The most relevant clinical element to indicate pancreatic transplant alone is the presence of unstable diabetes (with frequent hyperglycemia, recurrent and unpredictable episodes of ketoacidosis, asymptomatic hypoglycemia with life-threatening despite correct insulin therapy) that is associated with at least two rapidly progressing complications (proliferative retinopathy, peripheral and/or autonomic neuropathy, and vasculopathy)[23]. The presence of adequate renal function must be ascertained in pancreatic transplant alone candidate patients since the subsequent immunosuppressive therapy, including potentially nephrotoxic drugs, may lead to a reduction in the functional reserve.

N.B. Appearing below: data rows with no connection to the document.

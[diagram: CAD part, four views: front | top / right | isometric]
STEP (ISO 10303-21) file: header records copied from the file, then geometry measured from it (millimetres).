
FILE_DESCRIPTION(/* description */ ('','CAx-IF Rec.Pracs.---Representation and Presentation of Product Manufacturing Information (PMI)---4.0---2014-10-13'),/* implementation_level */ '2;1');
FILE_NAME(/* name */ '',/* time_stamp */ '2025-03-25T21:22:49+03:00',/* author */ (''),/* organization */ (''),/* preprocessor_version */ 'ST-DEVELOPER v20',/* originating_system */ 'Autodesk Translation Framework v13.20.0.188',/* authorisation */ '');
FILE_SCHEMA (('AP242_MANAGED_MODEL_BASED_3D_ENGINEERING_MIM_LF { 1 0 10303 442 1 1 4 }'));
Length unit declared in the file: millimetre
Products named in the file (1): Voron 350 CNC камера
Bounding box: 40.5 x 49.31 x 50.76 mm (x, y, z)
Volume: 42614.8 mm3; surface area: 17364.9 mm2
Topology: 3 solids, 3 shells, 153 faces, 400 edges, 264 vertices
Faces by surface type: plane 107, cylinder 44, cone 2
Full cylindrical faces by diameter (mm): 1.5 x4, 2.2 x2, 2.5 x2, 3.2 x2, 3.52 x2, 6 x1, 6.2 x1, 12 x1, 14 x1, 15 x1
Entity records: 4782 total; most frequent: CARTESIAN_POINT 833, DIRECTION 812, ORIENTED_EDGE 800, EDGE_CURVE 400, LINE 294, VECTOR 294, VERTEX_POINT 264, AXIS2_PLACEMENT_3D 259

Simultaneous pancreas and kidney transplantation is indicated in patients with T1DM on dialysis or pre-dialysis[24]. An increasing number of scientific evidence reveal substantial advantages in the execution of the transplant before the start of dialysis. In fact, such a choice avoids complications related to uremia, reduces the costs of dialysis, and intervenes earlier on other chronic complications of diabetes[25,26]. Surgery is also affected by lower postoperative morbidity and mortality.

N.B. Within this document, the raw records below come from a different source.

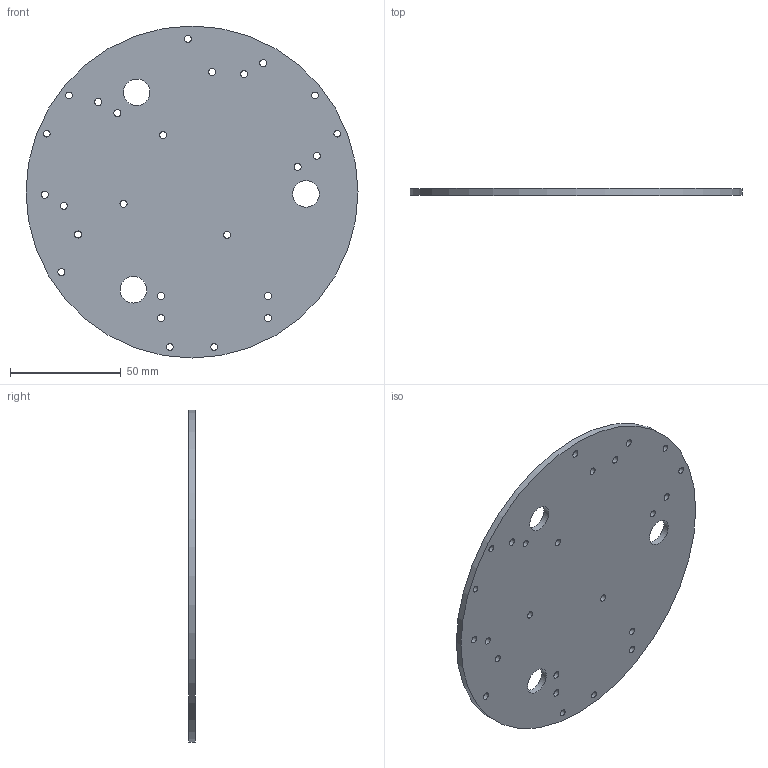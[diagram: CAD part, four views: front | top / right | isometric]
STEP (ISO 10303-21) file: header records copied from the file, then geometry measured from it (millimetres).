
FILE_DESCRIPTION(/* description */ (''),/* implementation_level */ '2;1');
FILE_NAME(/* name */ 'part02.step',/* time_stamp */ '2018-01-18T13:54:06+09:00',/* author */ (''),/* organization */ (''),/* preprocessor_version */ 'ST-DEVELOPER v16.13',/* originating_system */ 'Autodesk Translation Framework v6.5.0.72',/* authorisation */ '');
FILE_SCHEMA (('AUTOMOTIVE_DESIGN { 1 0 10303 214 3 1 1 }'));
Length unit declared in the file: millimetre
Products named in the file (1): Fusion コンポーネント
Bounding box: 150 x 3 x 150 mm (x, y, z)
Volume: 51410.8 mm3; surface area: 36769.6 mm2
Topology: 1 solids, 1 shells, 31 faces, 93 edges, 64 vertices
Faces by surface type: cylinder 29, plane 2
Full cylindrical faces by diameter (mm): 3 x6, 3.2 x19, 12 x3, 150 x1
Entity records: 1251 total; most frequent: DIRECTION 221, CARTESIAN_POINT 189, ORIENTED_EDGE 186, AXIS2_PLACEMENT_3D 96, EDGE_CURVE 93, EDGE_LOOP 87, CIRCLE 64, VERTEX_POINT 64

Furthermore, pancreas after kidney transplantation is proposed to patients with T1DM who have previously been transplanted only with kidney from cadaver or living donor, especially if a difficult metabolic control and rapid evolution of the degenerative complications of diabetes coexist. Among the main advantages, since an immunosuppressive therapeutic regimen is already in place, there is a reduction of risks with the persistence of the operative risk only[27]. Moreover, the latter is significantly lower than the risks related to the further development of secondary complications of diabetes, including the recurrence of diabetic nephropathy in the transplanted kidney[28].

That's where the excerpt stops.